Imagine hating on me and I’m just sitting there in the corner, in the spotlight, losing my religion.

I love coming home and being at home and sitting inside my home and staying home.

During winter, it’s either lazy starvation or eight thousand calories in one sitting.

Tidying up usually ends up with you sitting somewhere and playing around with things you found while tidying up.

I’m “I can’t sit like that for too long” years old.

Snaccident: eating a whole bag of Doritos in one sitting.

I love being an adult and sitting absolutely still and suddenly I’ve hurt my neck somehow.

There’s nothing like sitting by an open fire and watching the evidence burn.

Offering people sitting on the bus my standing room. Like it’s better.

Autumn at last. Sitting on the sofa all day with a blanket and tea and watching movies. Just like in summer, but with a blanket and tea.

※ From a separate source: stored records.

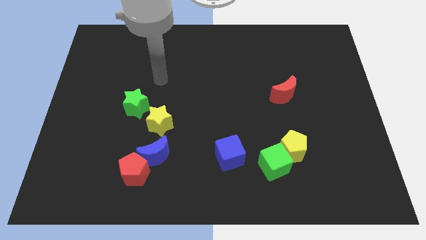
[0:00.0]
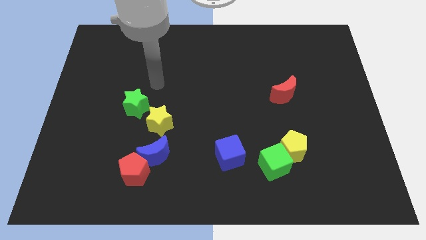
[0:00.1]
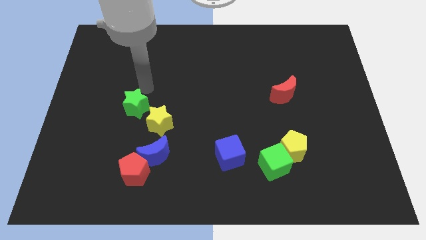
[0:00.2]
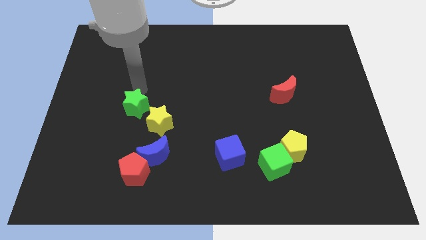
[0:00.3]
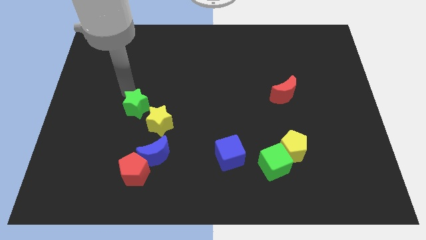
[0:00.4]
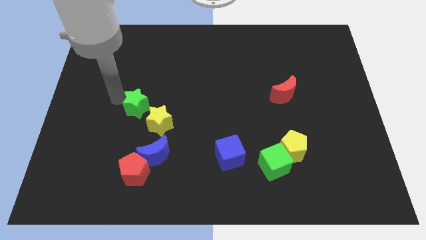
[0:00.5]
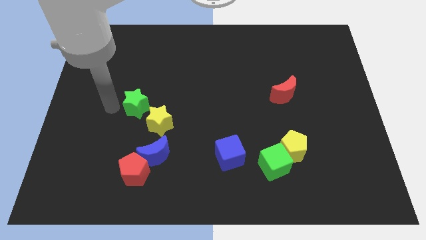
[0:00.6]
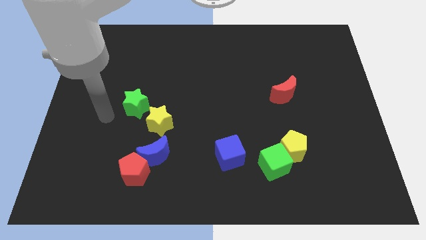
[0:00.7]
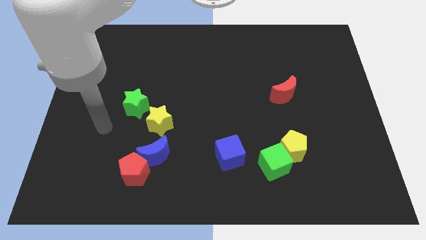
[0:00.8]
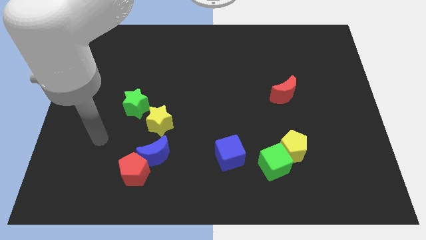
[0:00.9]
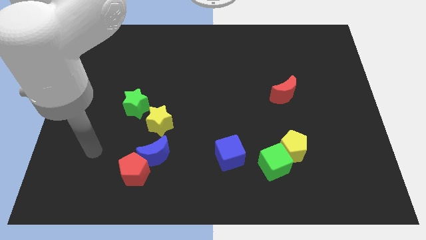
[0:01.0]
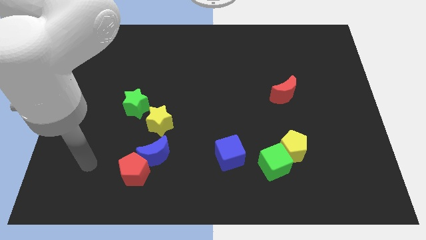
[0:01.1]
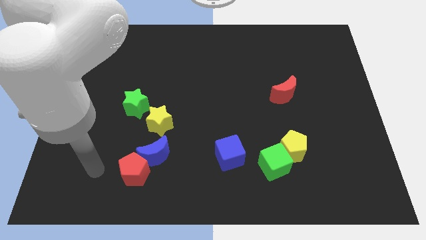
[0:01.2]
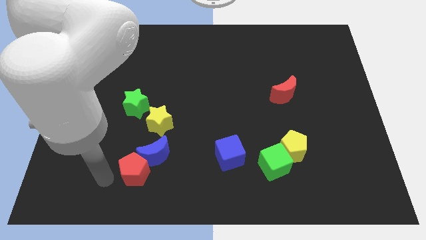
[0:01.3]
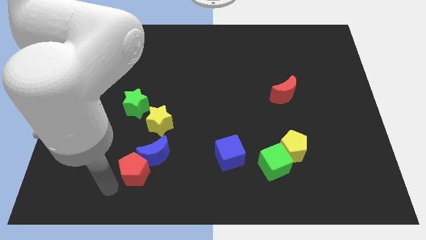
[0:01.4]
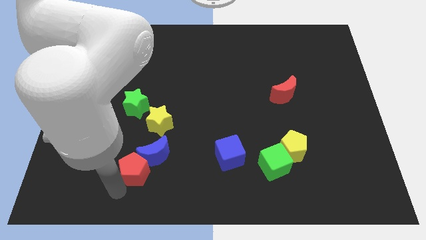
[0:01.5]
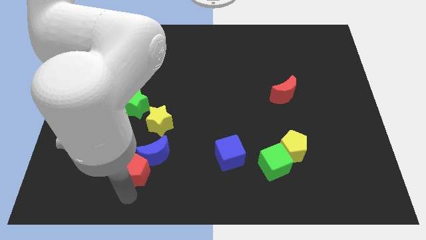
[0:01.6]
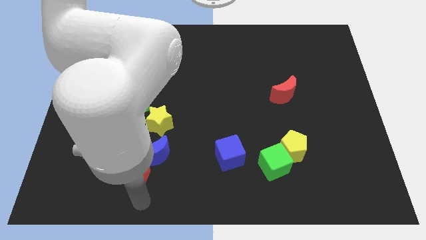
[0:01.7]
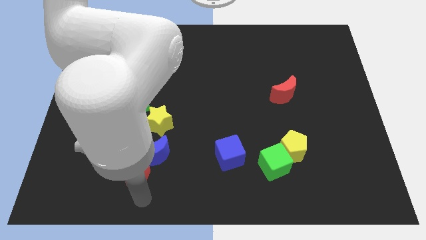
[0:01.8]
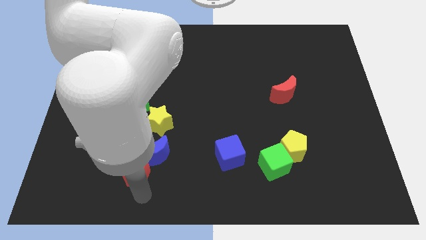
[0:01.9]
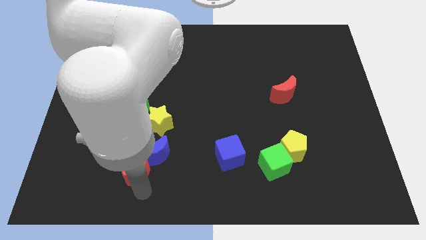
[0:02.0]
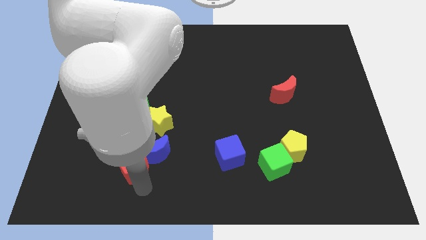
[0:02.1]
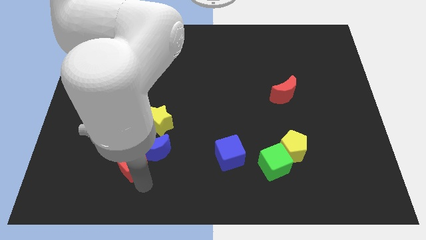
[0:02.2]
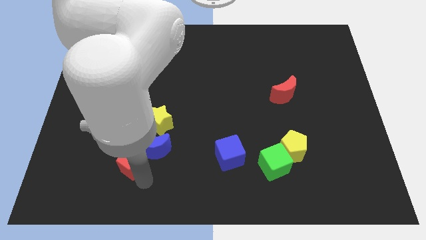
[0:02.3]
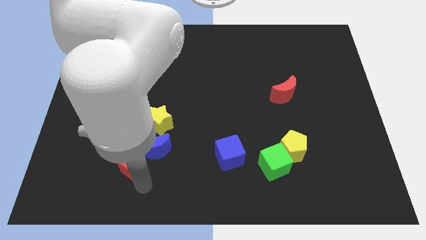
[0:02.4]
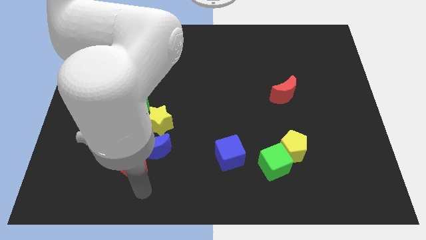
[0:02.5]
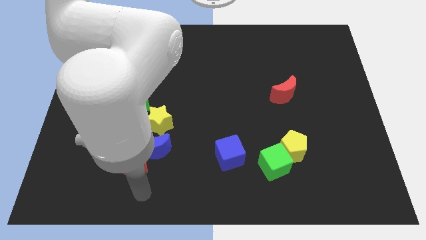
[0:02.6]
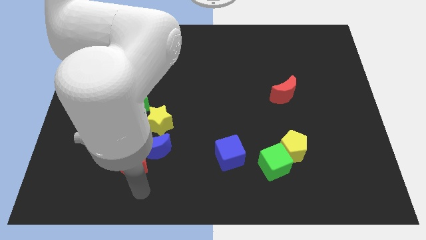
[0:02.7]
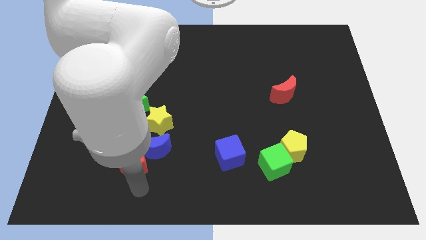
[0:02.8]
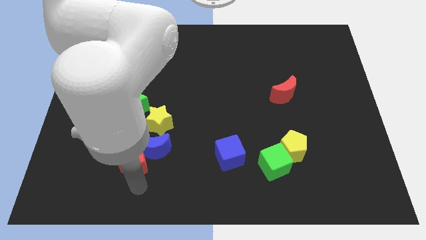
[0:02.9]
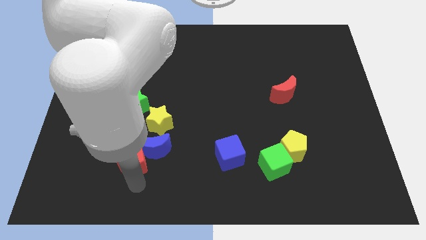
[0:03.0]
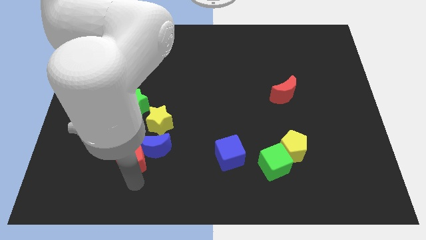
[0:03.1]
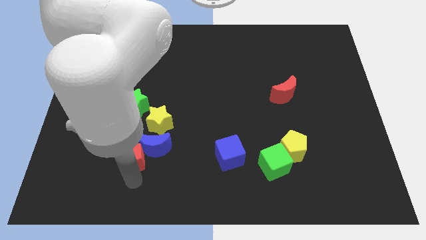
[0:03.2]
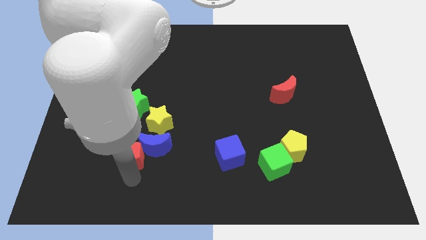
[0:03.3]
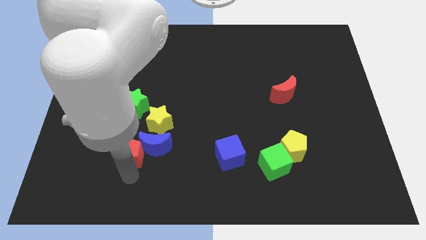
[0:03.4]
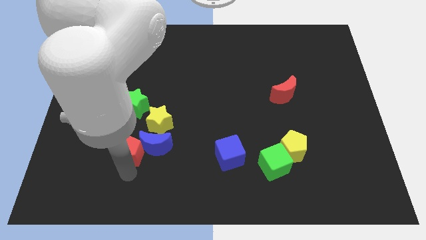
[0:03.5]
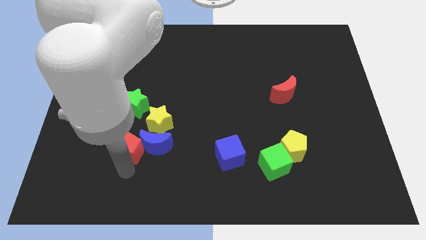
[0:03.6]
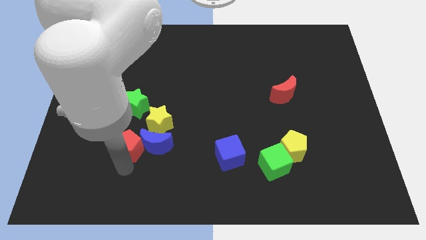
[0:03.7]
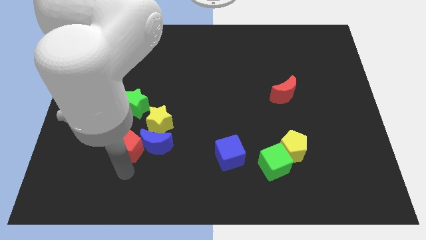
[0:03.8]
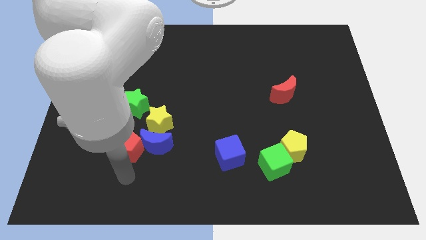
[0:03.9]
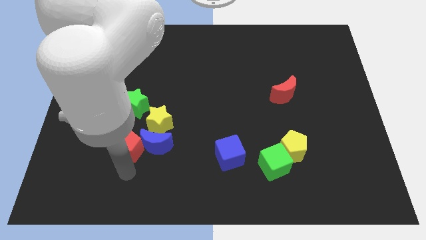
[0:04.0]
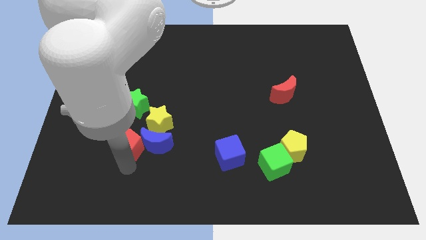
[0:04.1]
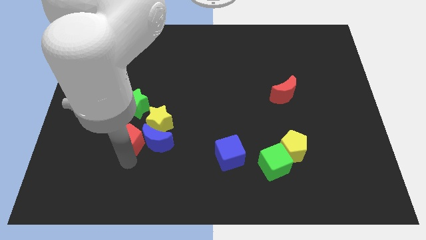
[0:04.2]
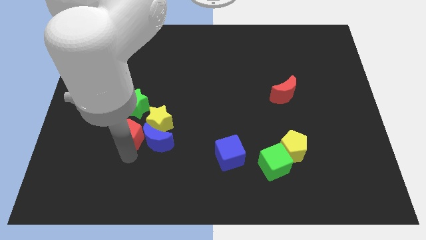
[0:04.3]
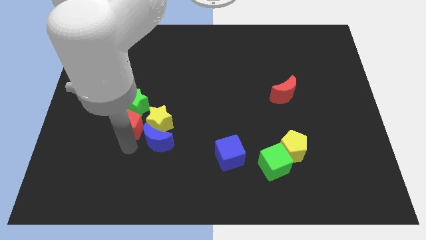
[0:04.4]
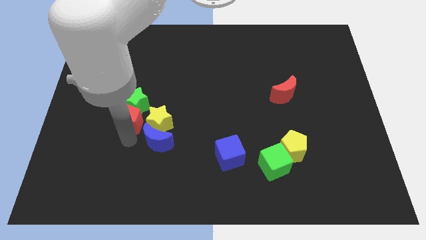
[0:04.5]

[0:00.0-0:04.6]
slide the red pentagon close to the green star

When waiting for a flight, there’s always one guy at the gate that makes you think, “As long as I’m not sitting next to him, I’ll be fine.”

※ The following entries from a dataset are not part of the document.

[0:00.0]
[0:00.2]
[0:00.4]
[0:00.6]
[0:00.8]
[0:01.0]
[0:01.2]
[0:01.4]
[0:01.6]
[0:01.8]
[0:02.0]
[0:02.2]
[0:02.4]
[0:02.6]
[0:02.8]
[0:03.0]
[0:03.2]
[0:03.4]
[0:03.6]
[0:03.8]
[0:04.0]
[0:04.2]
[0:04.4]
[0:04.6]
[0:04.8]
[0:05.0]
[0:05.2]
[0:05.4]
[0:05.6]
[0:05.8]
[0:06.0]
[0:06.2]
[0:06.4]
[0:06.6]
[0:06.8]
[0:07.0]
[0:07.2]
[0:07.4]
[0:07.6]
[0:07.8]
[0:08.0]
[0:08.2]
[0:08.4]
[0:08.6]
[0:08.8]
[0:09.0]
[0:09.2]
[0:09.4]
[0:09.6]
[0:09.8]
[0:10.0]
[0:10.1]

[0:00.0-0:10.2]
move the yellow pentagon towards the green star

Sitting next to you on an empty train and clicking my stopwatch every time you turn a page in your book.

Found a picture of me sitting on Santa’s lap. Hard to believe it’s been a whole year.

The longest drum solo was 10 hours and 26 minutes and was performed by the child sitting behind me on a flight from LA to Tokyo.

Sex is great, but have you ever started slowly picking up speed after sitting in a traffic jam?

Me, in heaven: Can you take a photo of me sitting on that cloud?

A thousand curses upon anyone who has ever gone, “Why are you sitting in the dark?” and then flipped the light on without asking.

I have almost 100,000 miles on my office chair. So I got that going for me.

House sitting for friends while they’re out of town. Never knew my buddy kept a diary.

I’m now at the age where sitting cross-legged on the floor is punishable by about three days of full-body paralysis.

Not to brag, but I finished an entire book in one sitting. I’m going to need some new crayons.

Sitting on the middle seat of this flight and both my seatmates are reading my book over my shoulder. Should I just start reading it aloud?

It’s Sunday. I’ve slept in and ignored church. Somewhere the devil is sitting and clicking on “Like”.

My husband saw a rabbit in our yard eating grass and said “That would be like sitting in a field of french fries.”

“Why does my back always hurt?”, I say, while never sitting upright in a chair.